* GOAL OF THE EXERCISE:
Output all of the lines below exactly, and leave out each image.

* RECORD EXCERPTS:
-=-=-=-=-

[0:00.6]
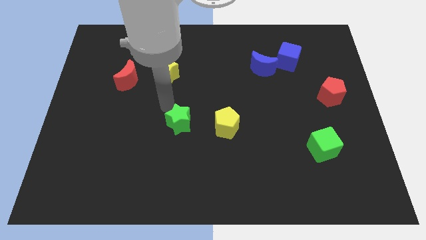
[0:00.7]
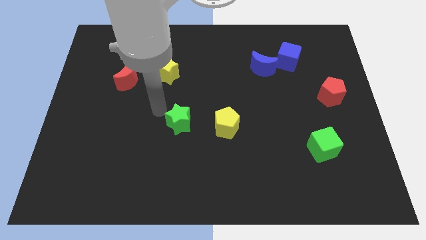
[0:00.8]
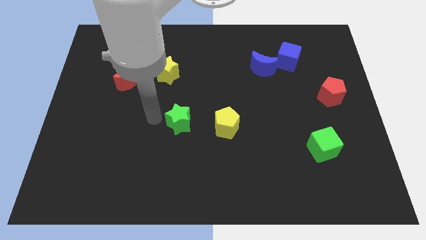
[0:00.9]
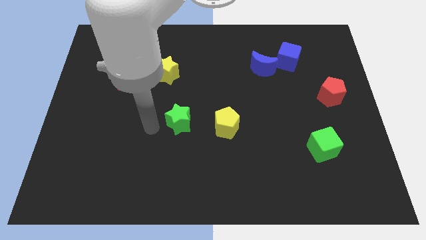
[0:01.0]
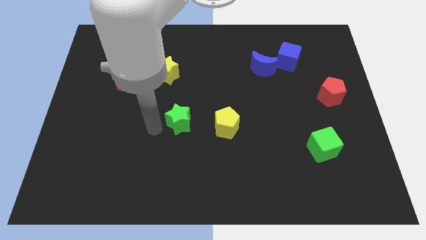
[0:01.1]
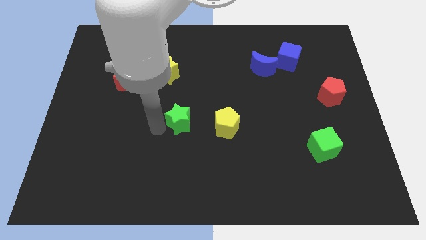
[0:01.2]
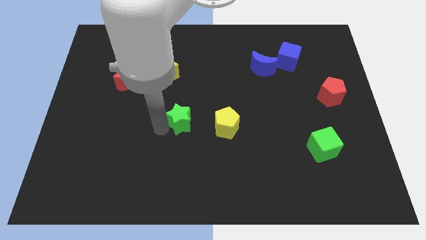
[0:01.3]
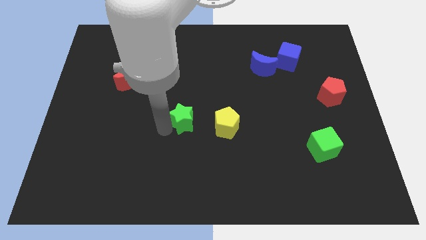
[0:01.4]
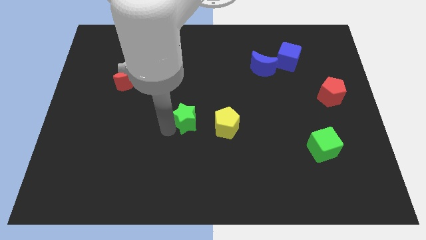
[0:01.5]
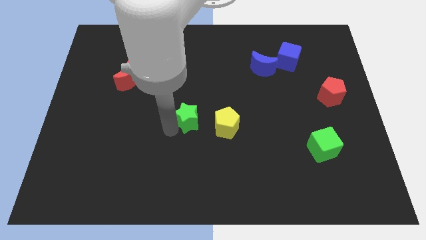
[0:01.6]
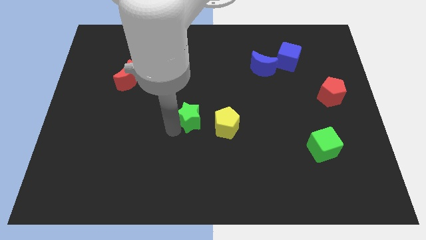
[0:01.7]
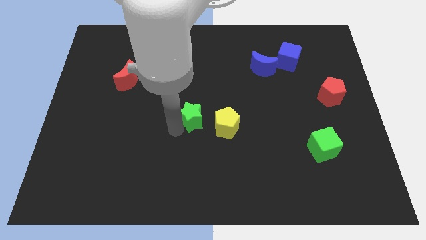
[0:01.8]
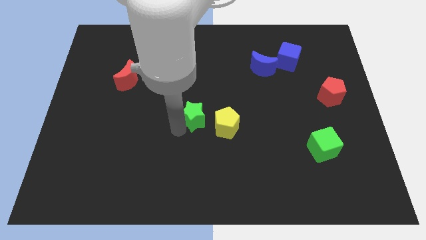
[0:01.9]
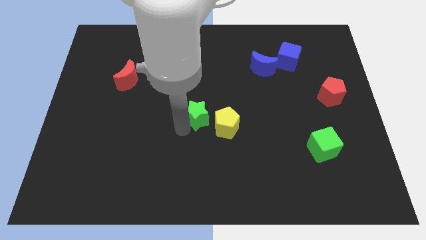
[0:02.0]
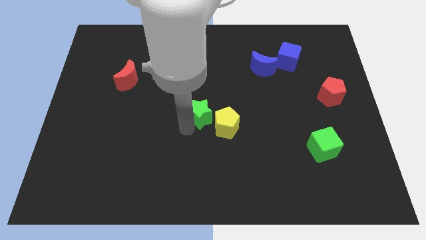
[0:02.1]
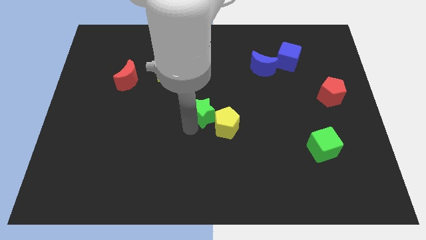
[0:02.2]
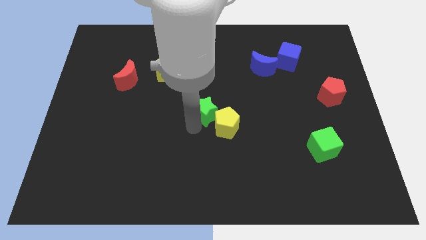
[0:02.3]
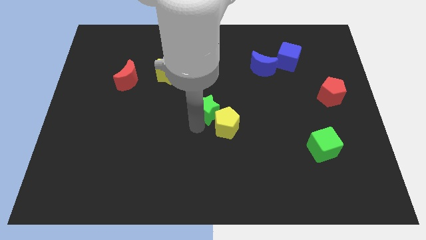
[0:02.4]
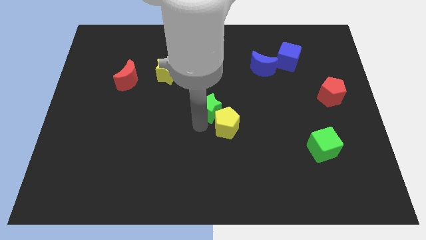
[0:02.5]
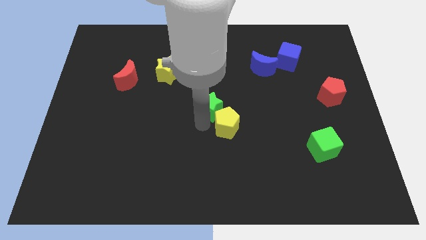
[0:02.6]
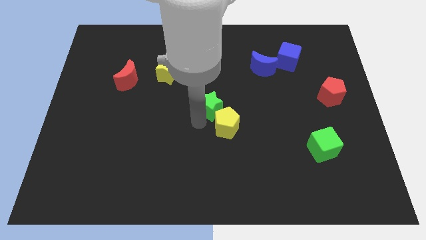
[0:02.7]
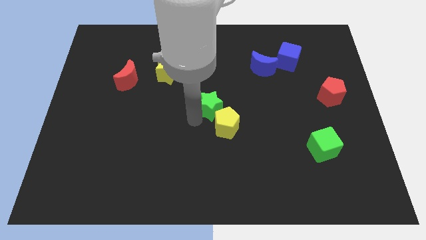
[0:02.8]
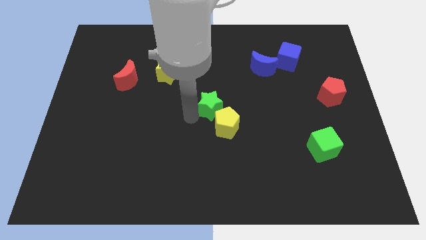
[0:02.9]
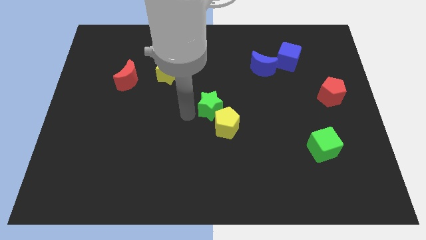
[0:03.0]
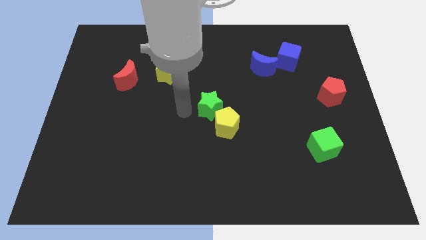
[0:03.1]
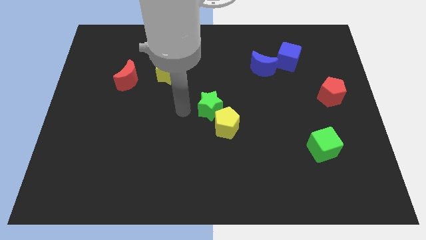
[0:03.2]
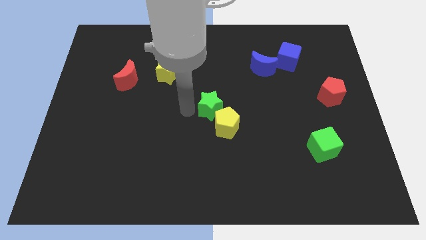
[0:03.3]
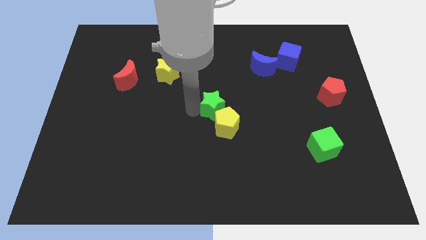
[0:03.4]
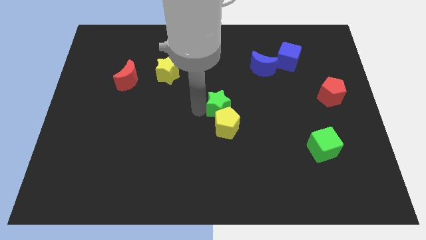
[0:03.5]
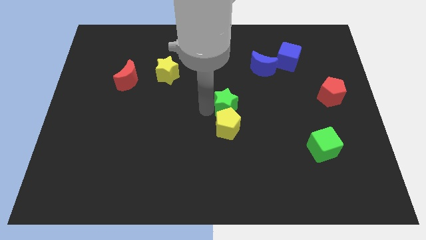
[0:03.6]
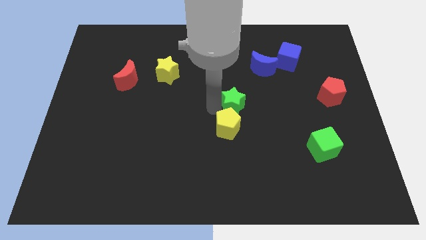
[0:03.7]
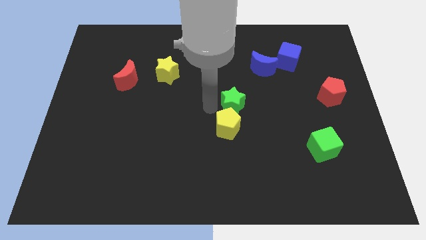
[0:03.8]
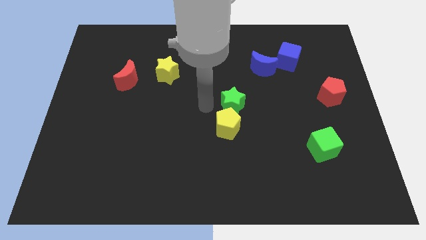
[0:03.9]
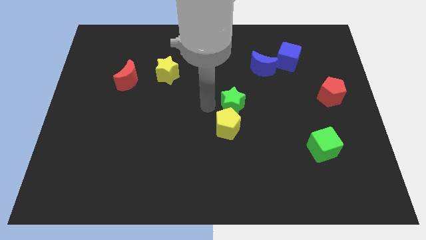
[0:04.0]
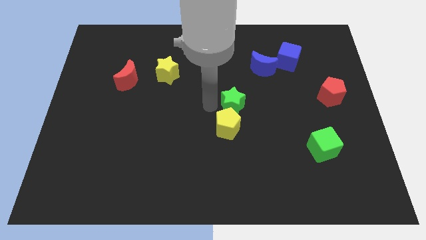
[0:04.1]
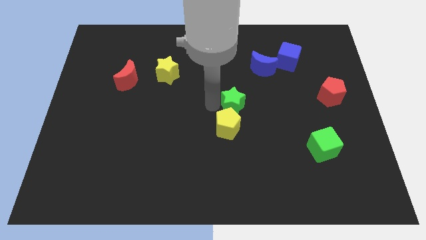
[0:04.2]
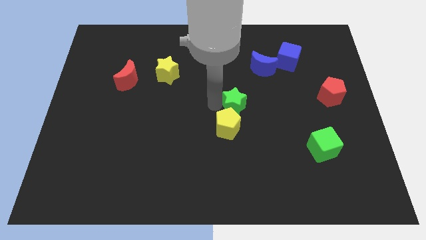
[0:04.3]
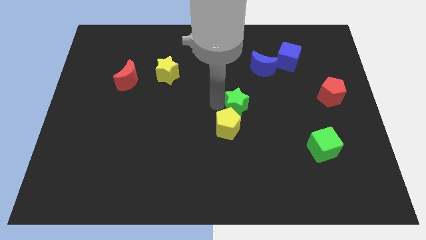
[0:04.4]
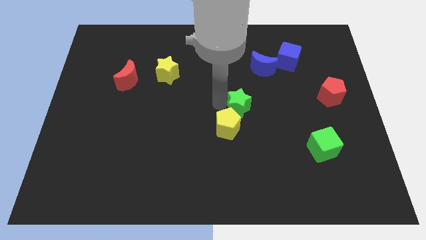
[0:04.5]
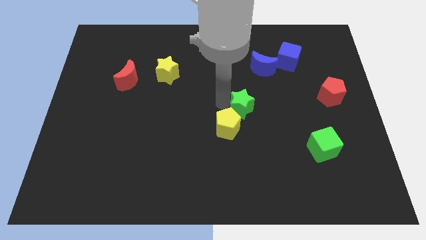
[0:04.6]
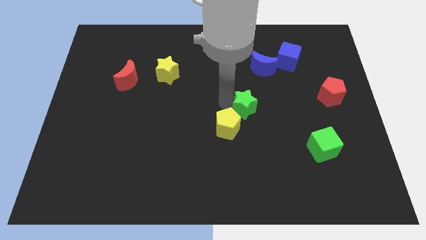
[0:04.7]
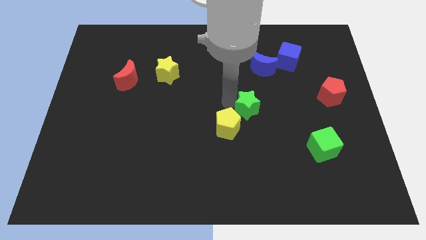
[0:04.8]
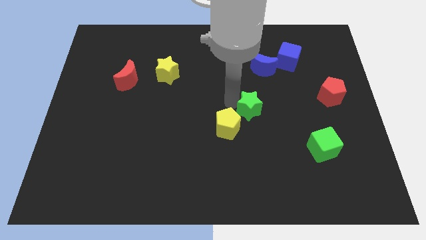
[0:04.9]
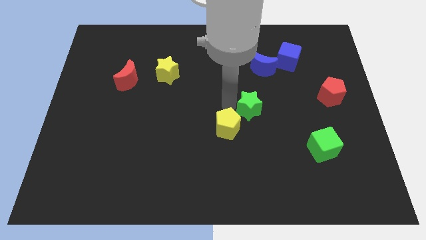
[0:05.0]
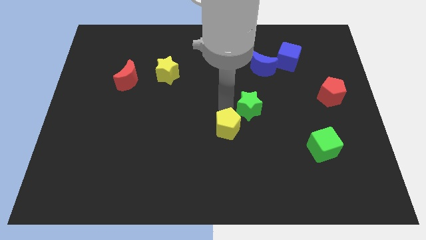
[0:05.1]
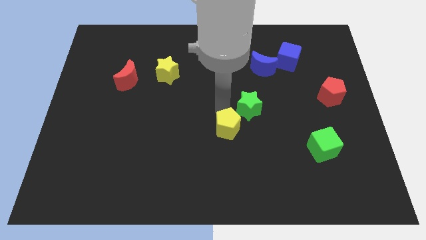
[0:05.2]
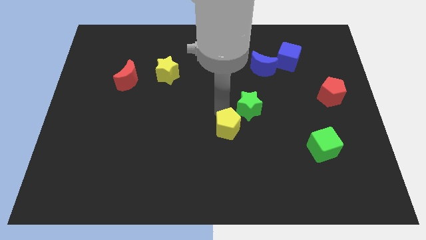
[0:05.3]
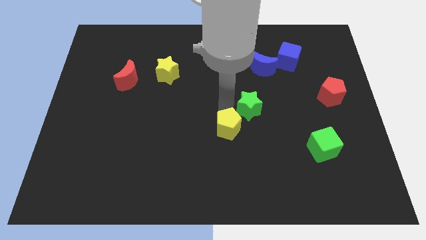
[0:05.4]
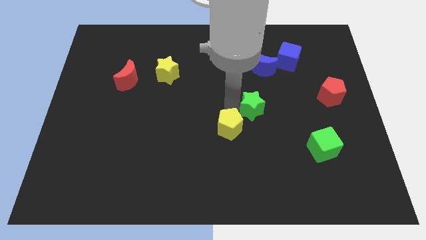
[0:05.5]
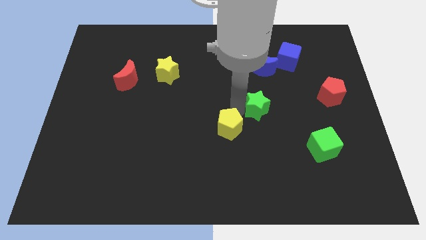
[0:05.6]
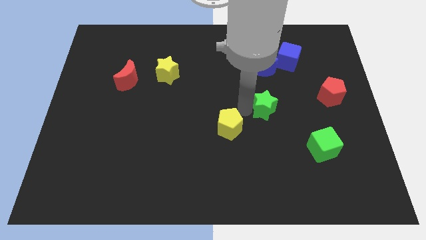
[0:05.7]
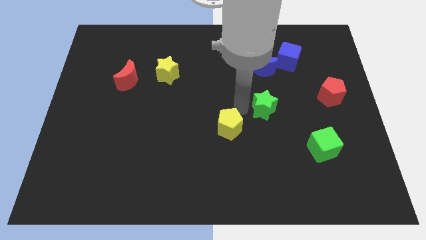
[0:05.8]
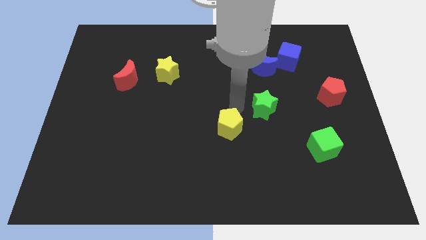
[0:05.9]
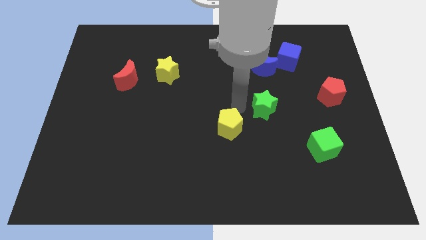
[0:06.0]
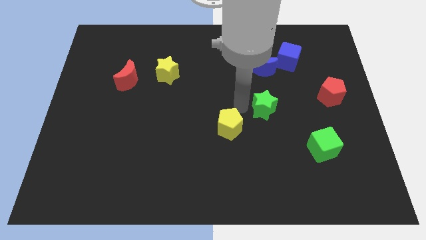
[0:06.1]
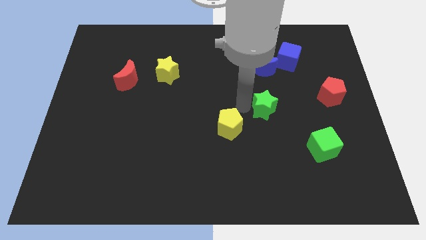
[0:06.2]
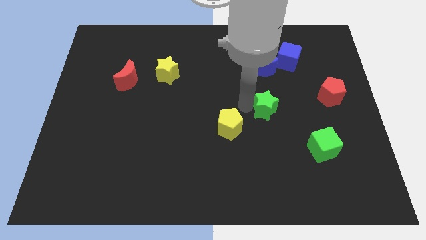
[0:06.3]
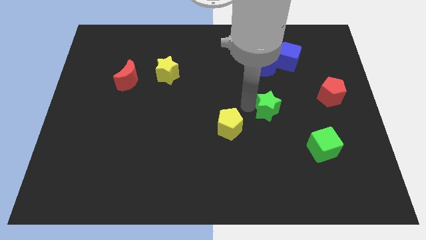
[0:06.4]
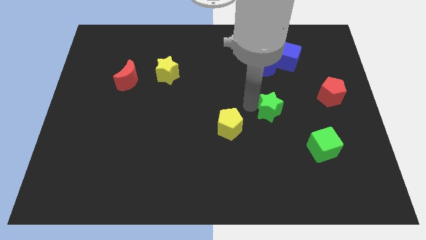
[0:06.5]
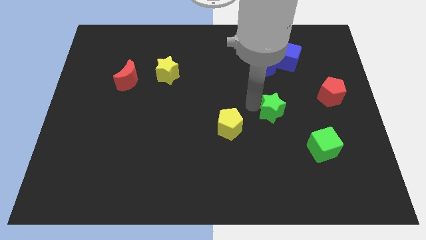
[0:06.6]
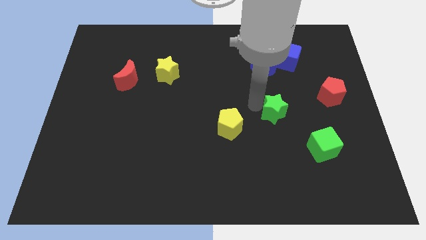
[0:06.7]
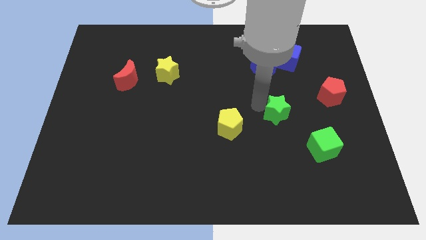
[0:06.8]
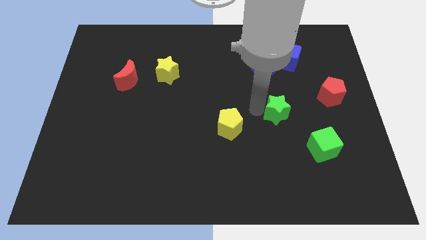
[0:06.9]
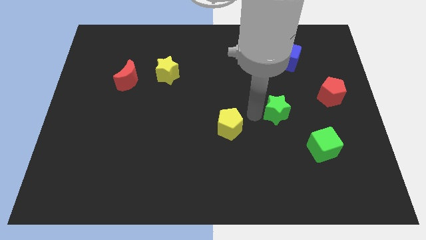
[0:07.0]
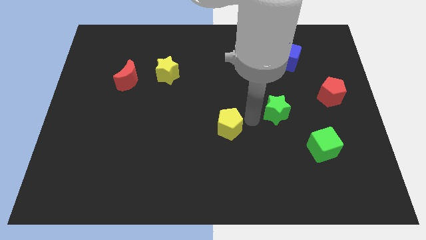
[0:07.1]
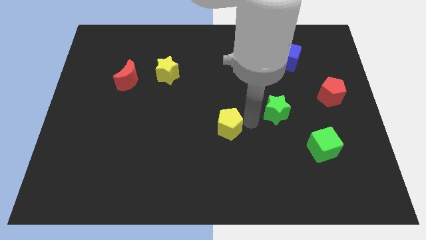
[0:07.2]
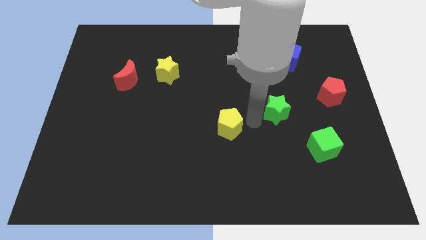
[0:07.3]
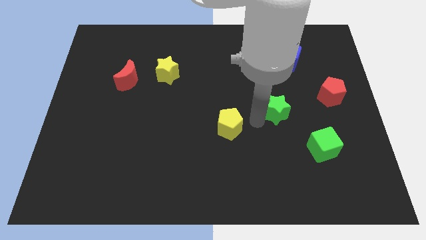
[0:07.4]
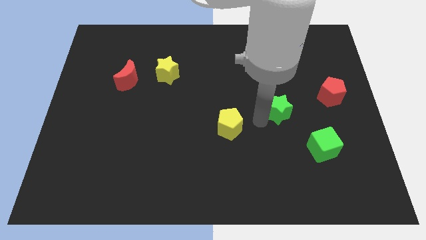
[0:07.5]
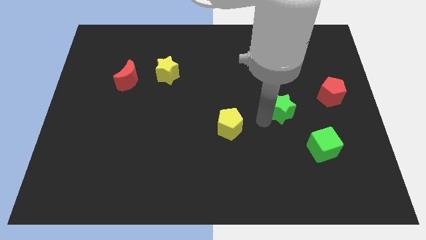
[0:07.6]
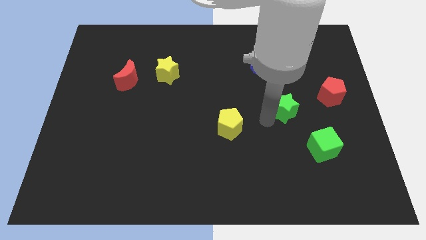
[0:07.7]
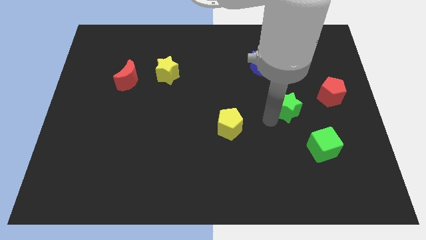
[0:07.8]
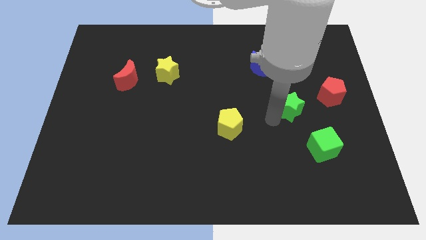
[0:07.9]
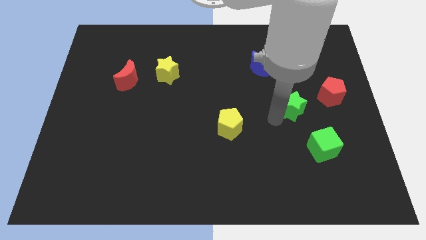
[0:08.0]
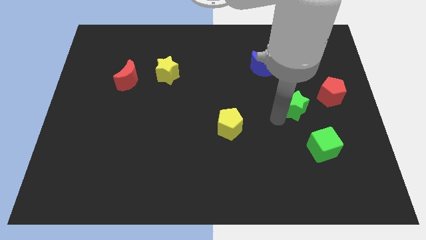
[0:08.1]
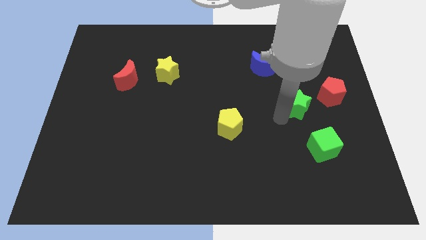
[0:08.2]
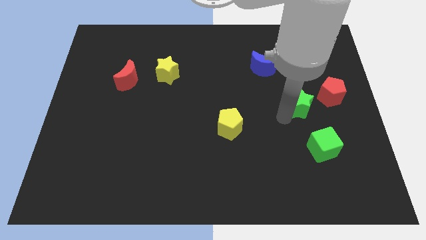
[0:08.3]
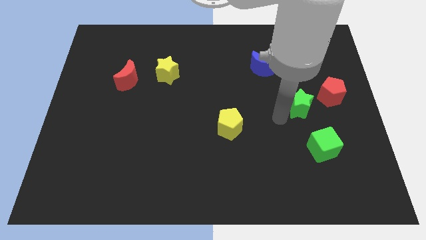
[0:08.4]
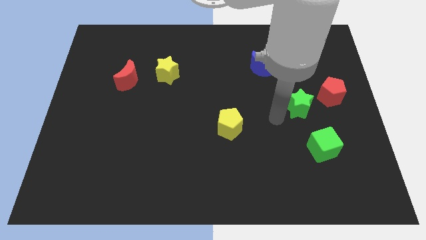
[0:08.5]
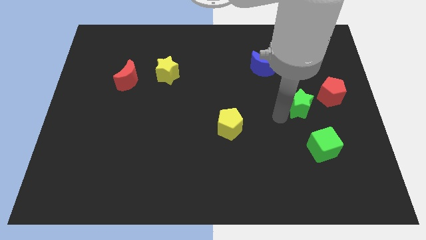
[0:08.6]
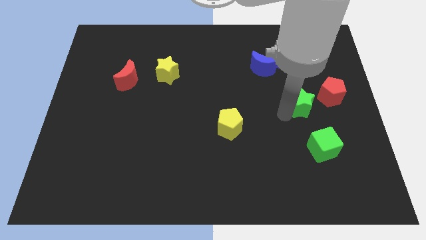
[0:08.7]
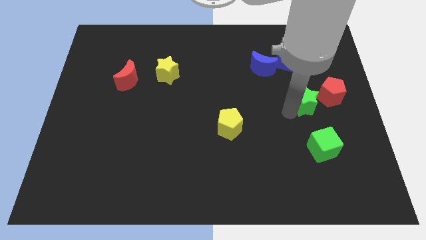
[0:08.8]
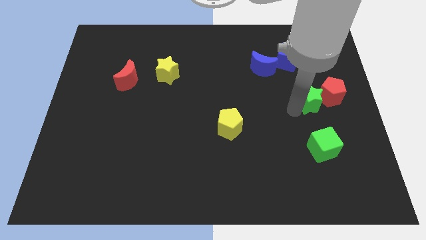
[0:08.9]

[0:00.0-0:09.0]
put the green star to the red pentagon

-=-=-=-=-

* ANSWER FOR THE TASK:
[0:00.6]
[0:00.7]
[0:00.8]
[0:00.9]
[0:01.0]
[0:01.1]
[0:01.2]
[0:01.3]
[0:01.4]
[0:01.5]
[0:01.6]
[0:01.7]
[0:01.8]
[0:01.9]
[0:02.0]
[0:02.1]
[0:02.2]
[0:02.3]
[0:02.4]
[0:02.5]
[0:02.6]
[0:02.7]
[0:02.8]
[0:02.9]
[0:03.0]
[0:03.1]
[0:03.2]
[0:03.3]
[0:03.4]
[0:03.5]
[0:03.6]
[0:03.7]
[0:03.8]
[0:03.9]
[0:04.0]
[0:04.1]
[0:04.2]
[0:04.3]
[0:04.4]
[0:04.5]
[0:04.6]
[0:04.7]
[0:04.8]
[0:04.9]
[0:05.0]
[0:05.1]
[0:05.2]
[0:05.3]
[0:05.4]
[0:05.5]
[0:05.6]
[0:05.7]
[0:05.8]
[0:05.9]
[0:06.0]
[0:06.1]
[0:06.2]
[0:06.3]
[0:06.4]
[0:06.5]
[0:06.6]
[0:06.7]
[0:06.8]
[0:06.9]
[0:07.0]
[0:07.1]
[0:07.2]
[0:07.3]
[0:07.4]
[0:07.5]
[0:07.6]
[0:07.7]
[0:07.8]
[0:07.9]
[0:08.0]
[0:08.1]
[0:08.2]
[0:08.3]
[0:08.4]
[0:08.5]
[0:08.6]
[0:08.7]
[0:08.8]
[0:08.9]

[0:00.0-0:09.0]
put the green star to the red pentagon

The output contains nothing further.